These kinds of excuses, serial steps and accompanying excuses are what needs to end. By now, Purism should have applied for FCC certification. There should be certification laboratories that have tested the Librem 5 by now and either found the Librem 5 to be within compliance, or to let Purism know which tests are failing, so that Purism can work in those issues now, in parallel with everything else they are doing. The certification process should not wait until everything else is perfect on the phone. Everything should be worked on in parallel, not one fearful step at a time, followed with excuses and shipping delays.

Let’s say that Purism really is ramping-up on the Librem 5 and then they find that unintended noise is coming from the camera module and so a board re-design is needed. Let’s say that this is only discovered in the FCC compliance process. You would say “why did Purism wait so long to find this out?”.

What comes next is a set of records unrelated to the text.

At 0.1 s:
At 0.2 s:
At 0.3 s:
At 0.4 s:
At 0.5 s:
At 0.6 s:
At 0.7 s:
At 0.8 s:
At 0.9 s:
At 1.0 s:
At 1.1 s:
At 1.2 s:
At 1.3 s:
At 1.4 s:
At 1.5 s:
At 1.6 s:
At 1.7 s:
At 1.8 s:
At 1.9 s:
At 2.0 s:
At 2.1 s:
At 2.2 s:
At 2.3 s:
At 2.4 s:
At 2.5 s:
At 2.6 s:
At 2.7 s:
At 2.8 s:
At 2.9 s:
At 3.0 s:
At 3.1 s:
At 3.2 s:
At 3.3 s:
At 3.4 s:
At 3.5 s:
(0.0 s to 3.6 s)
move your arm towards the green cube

Another scenario is where Purism gets an early compliance test that has the Librem 5 passes all tests. Then after they get the camera working and after that, the phone will no longer pass those same tests. Where you start looking to resolve the issue? The camera module.

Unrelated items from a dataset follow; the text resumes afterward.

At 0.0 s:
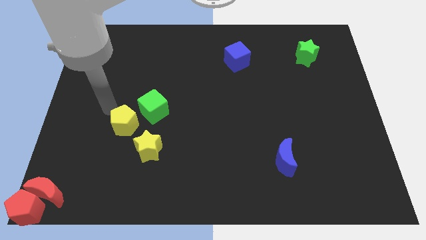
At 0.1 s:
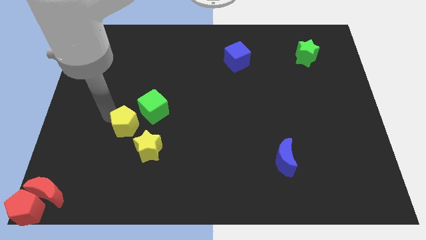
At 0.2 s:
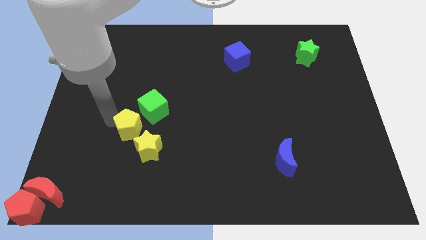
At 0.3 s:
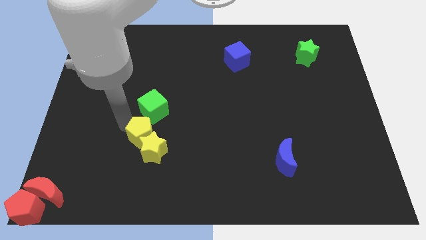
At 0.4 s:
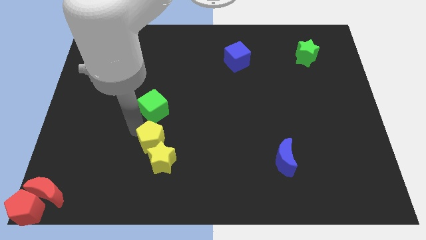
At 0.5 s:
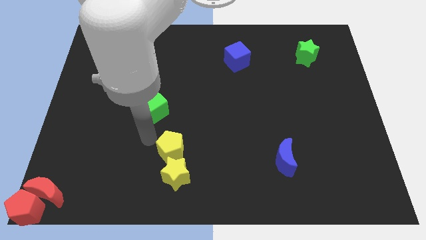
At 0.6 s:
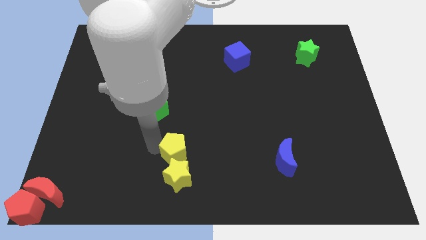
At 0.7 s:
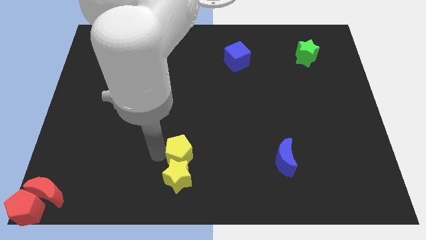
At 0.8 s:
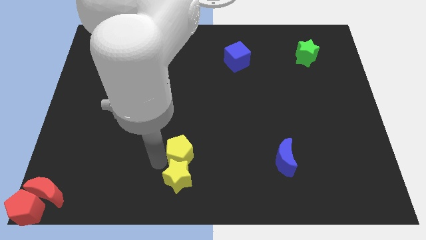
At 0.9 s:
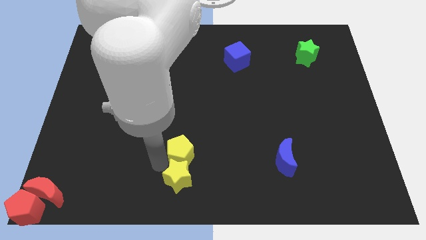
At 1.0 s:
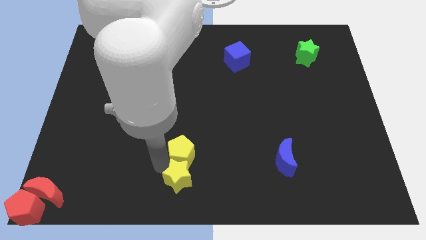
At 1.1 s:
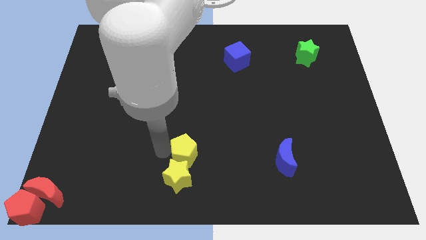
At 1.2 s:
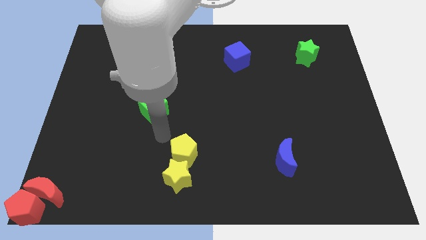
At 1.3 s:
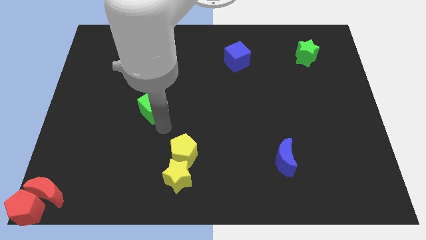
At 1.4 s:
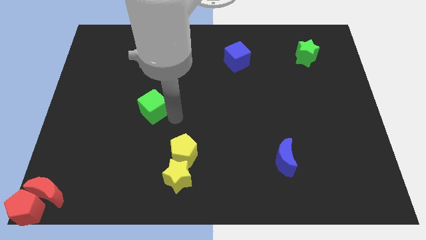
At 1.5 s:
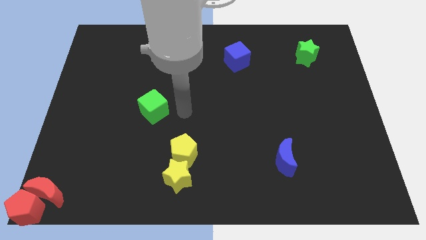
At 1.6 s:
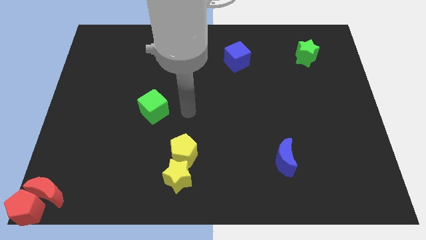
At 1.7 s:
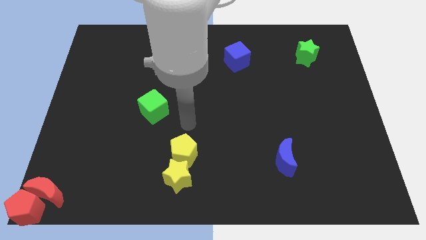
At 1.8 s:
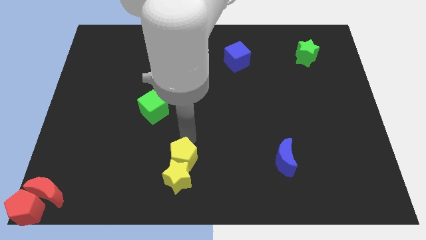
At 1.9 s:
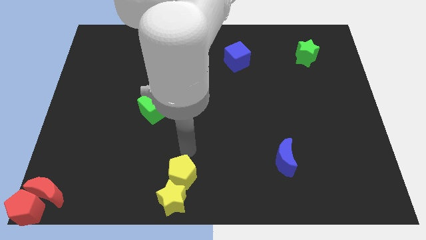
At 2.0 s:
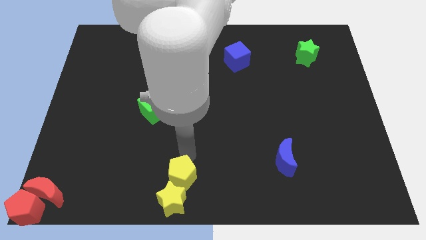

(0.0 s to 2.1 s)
push the yellow blocks towards the bottom side of the board

But if you take one fearful step at a time, there is no R&D synergy. The bad news always comes along and negates several successes and then you have to start over several times. There should be so many Librem 5 failures in those FCC compliance testing laboratories that someone at Purusm is on a first-name basis with their counterpart at the compliance testing laboratory. They work together and learn from eachother. This scenario sure beats showing up at the testing laboratory after your device has ramped-up production and been shut down by the FCC. So Todd shows up and says “hi, you don’t know me but by this report you wrote, my Librem 5 fails your compliance testing for a thousand reasons”. Then the next day he writes an article, blaming the compliance testing laboratory or the FCC and announcing yet more shipping delays

This may seem like extreme possible scenarios. But Purism should be working with the compliance testing laboratories and writing articles about that process. This most likely explains how Purism is only taking small baby-steps and mostly in series where any mis-step stops the whole process (and it does). They need to do a lot more things in parallel. And that includes FCC compliance testing.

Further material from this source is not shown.